Permutation Difference between Two Strings

This problem requires calculating how far each character has moved between two strings that are permutations of each other. By mapping each character in the first string to its index and comparing it with the index in the second string, we can sum absolute differences to get the permutation difference. The key is using a hash table to track positions efficiently and avoid nested loops.

Problem Statement

Given two strings s and t, where t is a permutation of s and each character occurs at most once, compute the sum of the absolute differences between the indices of each character in s and its index in t. Every character is lowercase, and strings are up to 26 characters long.

Return the total permutation difference as an integer. For example, if s = 'abc' and t = 'bac', calculate |0 - 1| + |1 - 0| + |2 - 2| = 2. Ensure your solution efficiently maps characters to indices using a hash table to handle the index lookups.

Examples

Example 1

Input: s = "abc", t = "bac"

Output: 2

For s = "abc" and t = "bac" , the permutation difference of s and t is equal to the sum of: That is, the permutation difference between s and t is equal to |0 - 1| + |1 - 0| + |2 - 2| = 2 .

Example 2

Input: s = "abcde", t = "edbac"

Output: 12

The permutation difference between s and t is equal to |0 - 3| + |1 - 2| + |2 - 4| + |3 - 1| + |4 - 0| = 12 .

Constraints

• 1 <= s.length <= 26
• Each character occurs at most once in s.
• t is a permutation of s.
• s consists only of lowercase English letters.

Solution Approach

Map Characters of s to Indices

Create a hash table where each character in s is a key and its index is the value. This allows O(1) lookup of any character's original position in s.

Iterate Through t and Sum Differences

For each character in t, find its index in s using the hash table and compute the absolute difference between positions. Sum these differences to get the permutation difference.

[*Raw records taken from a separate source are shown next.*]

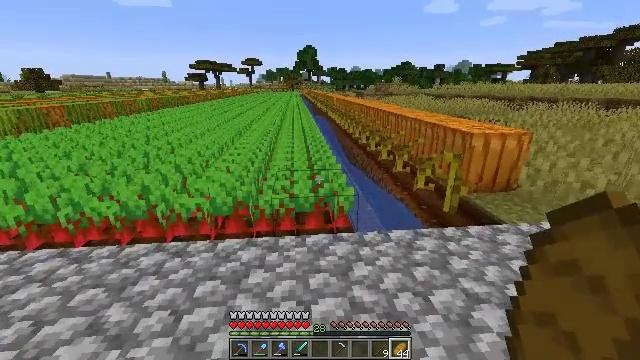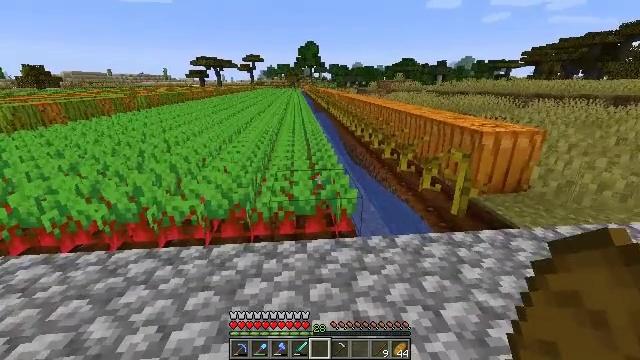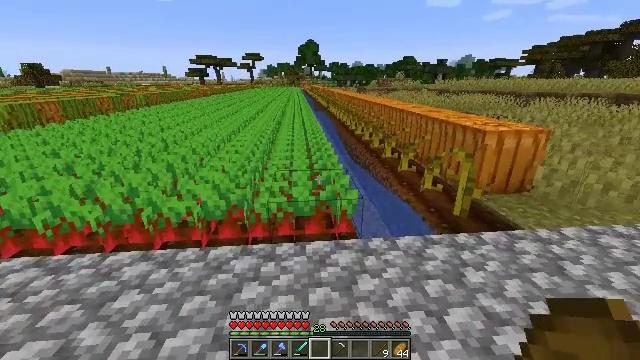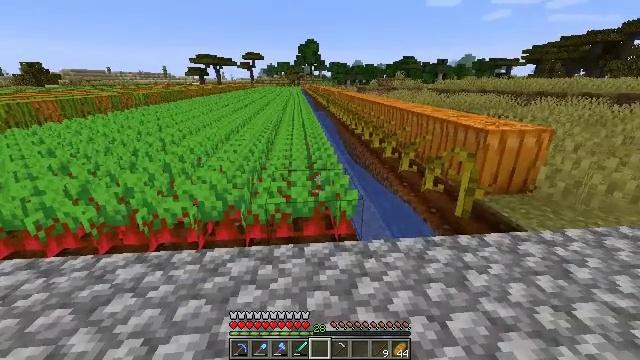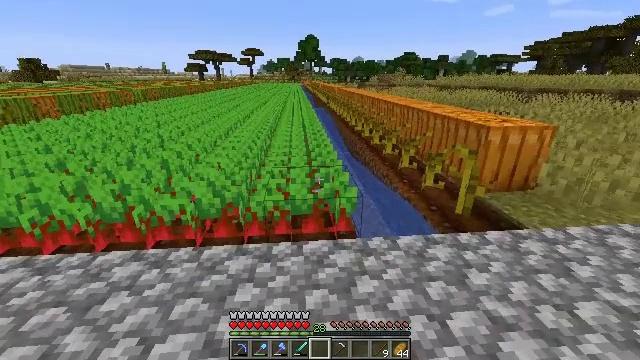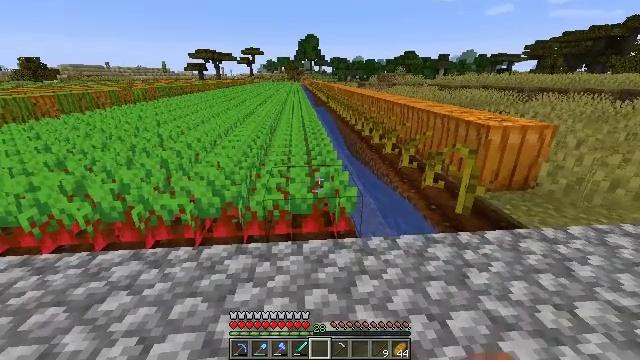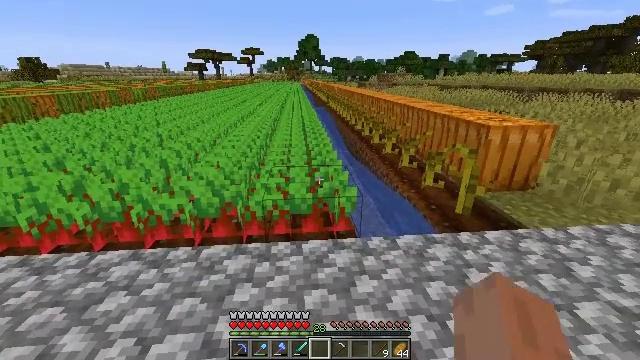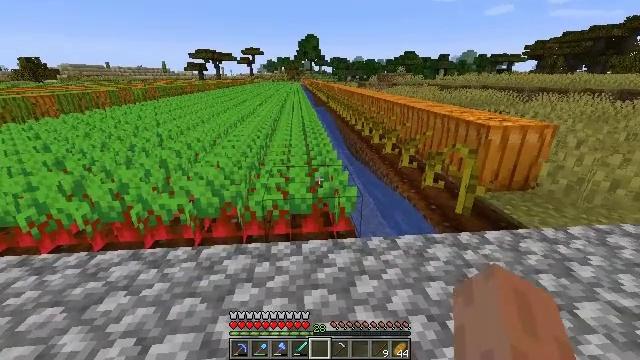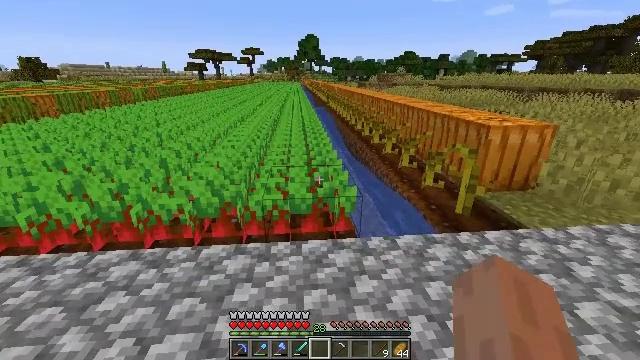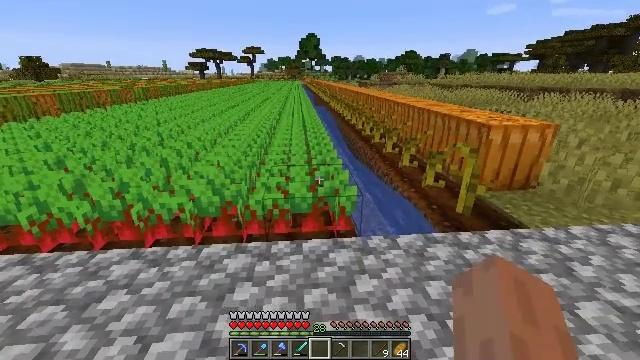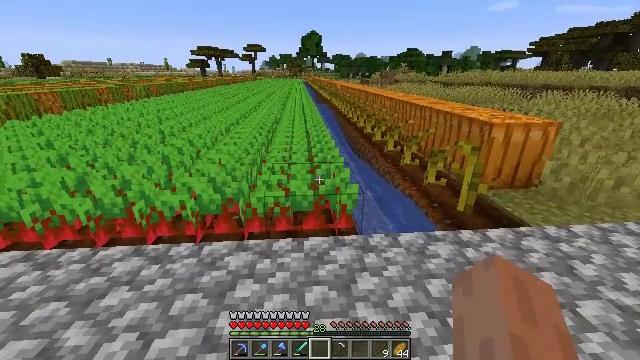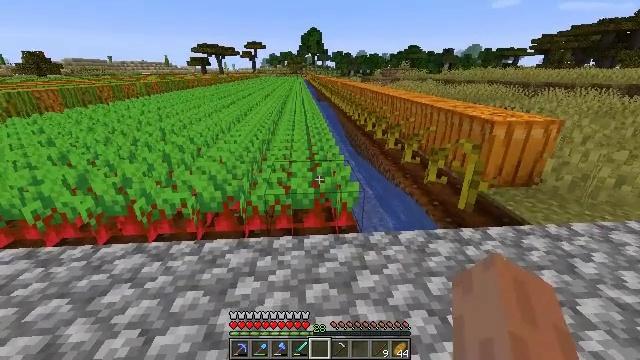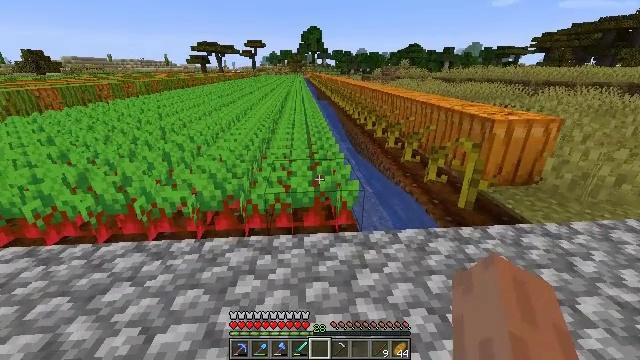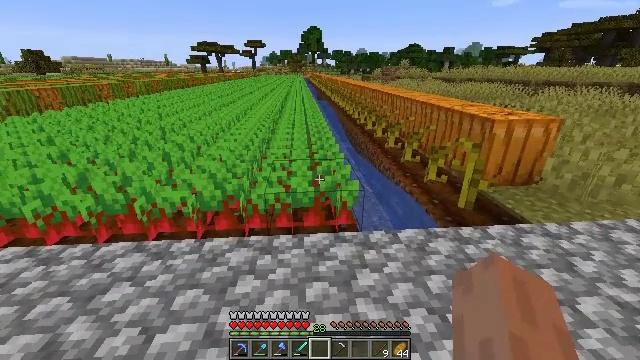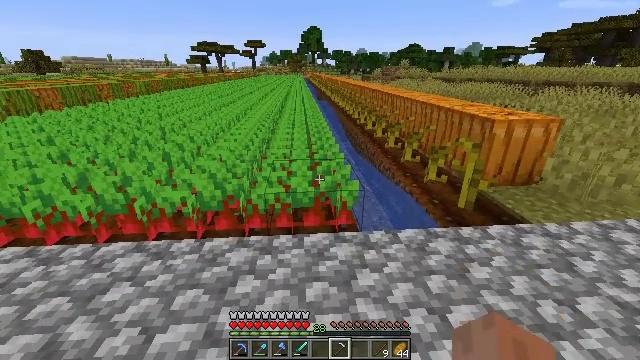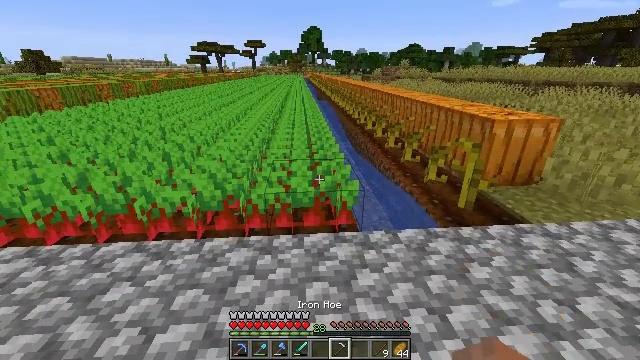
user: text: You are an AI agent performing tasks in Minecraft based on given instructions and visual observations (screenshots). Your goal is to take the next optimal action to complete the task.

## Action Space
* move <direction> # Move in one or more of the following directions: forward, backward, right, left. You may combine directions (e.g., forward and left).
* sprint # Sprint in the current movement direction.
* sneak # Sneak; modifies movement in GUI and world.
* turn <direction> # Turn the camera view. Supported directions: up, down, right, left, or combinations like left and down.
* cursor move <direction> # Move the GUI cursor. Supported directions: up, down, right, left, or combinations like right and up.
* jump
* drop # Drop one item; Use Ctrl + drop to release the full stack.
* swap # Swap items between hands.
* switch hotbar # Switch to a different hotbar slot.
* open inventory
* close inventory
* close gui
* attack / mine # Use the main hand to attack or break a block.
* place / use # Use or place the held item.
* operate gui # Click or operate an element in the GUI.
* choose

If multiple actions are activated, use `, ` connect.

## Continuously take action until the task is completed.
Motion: motion action
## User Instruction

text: Mine beetroots from the garden.
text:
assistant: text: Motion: switch to hotbar 5
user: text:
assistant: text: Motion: switch to hotbar 5
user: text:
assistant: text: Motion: switch to hotbar 5
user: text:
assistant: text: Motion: switch to hotbar 5
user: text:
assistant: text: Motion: no_op
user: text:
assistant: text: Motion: no_op
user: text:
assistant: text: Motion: no_op
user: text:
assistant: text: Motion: no_op
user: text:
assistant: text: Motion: no_op
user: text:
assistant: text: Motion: no_op
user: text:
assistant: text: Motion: no_op
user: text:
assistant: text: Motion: no_op
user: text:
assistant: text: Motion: no_op
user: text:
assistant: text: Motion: switch to hotbar 6
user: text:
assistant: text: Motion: switch to hotbar 6
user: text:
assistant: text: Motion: switch to hotbar 6
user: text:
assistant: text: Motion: no_op
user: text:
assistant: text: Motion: no_op
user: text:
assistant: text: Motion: turn left and down
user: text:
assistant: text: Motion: move forward, turn left
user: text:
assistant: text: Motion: move forward
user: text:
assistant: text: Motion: move forward
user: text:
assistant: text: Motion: no_op
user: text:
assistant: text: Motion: no_op
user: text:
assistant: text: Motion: turn right and down
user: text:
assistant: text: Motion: turn right and down
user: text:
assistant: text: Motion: no_op
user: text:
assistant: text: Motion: no_op
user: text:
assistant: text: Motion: no_op
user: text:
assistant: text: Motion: no_op

Return the Total Difference

After processing all characters, return the accumulated sum. This ensures the algorithm runs in linear time relative to the string length, avoiding quadratic index searches.

Complexity Analysis

Metric	Value
Time	Depends on the final approach
Space	Depends on the final approach

Time complexity is O(n) for building the hash table and iterating through t, where n is the length of the strings. Space complexity is O(n) to store character-to-index mappings.

What Interviewers Usually Probe

• Check if candidates immediately use a mapping to avoid nested loops.
• Listen for mentions of absolute differences and character positions.
• Observe whether they consider constraints like single occurrence of characters.

Common Pitfalls or Variants

Common pitfalls

• Using nested loops to search indices instead of a hash table, causing O(n^2) time.
• Forgetting that t is always a permutation of s, leading to unnecessary checks.
• Incorrectly summing differences without taking absolute values.

Follow-up variants

• Allow characters to repeat and calculate permutation difference accordingly.
• Return an array of individual differences for each character instead of the sum.
• Compute permutation difference for multiple pairs of strings in batch efficiently.

FAQ

What is the main pattern in Permutation Difference between Two Strings?

The key pattern is Hash Table plus String, mapping each character to its index for efficient difference computation.

Can the strings contain repeated characters?

In the base problem, each character occurs at most once. Variants may allow repeats, changing the mapping strategy.

What is the time complexity of the optimal solution?

Using a hash table to store indices and iterating over t gives O(n) time complexity.

Do I need to sort the strings before computing differences?

No, since t is already a permutation of s, sorting is unnecessary and adds extra complexity.

How do I handle large strings efficiently?

Even though strings are small here, for larger inputs, always use a hash table to avoid repeated index searches.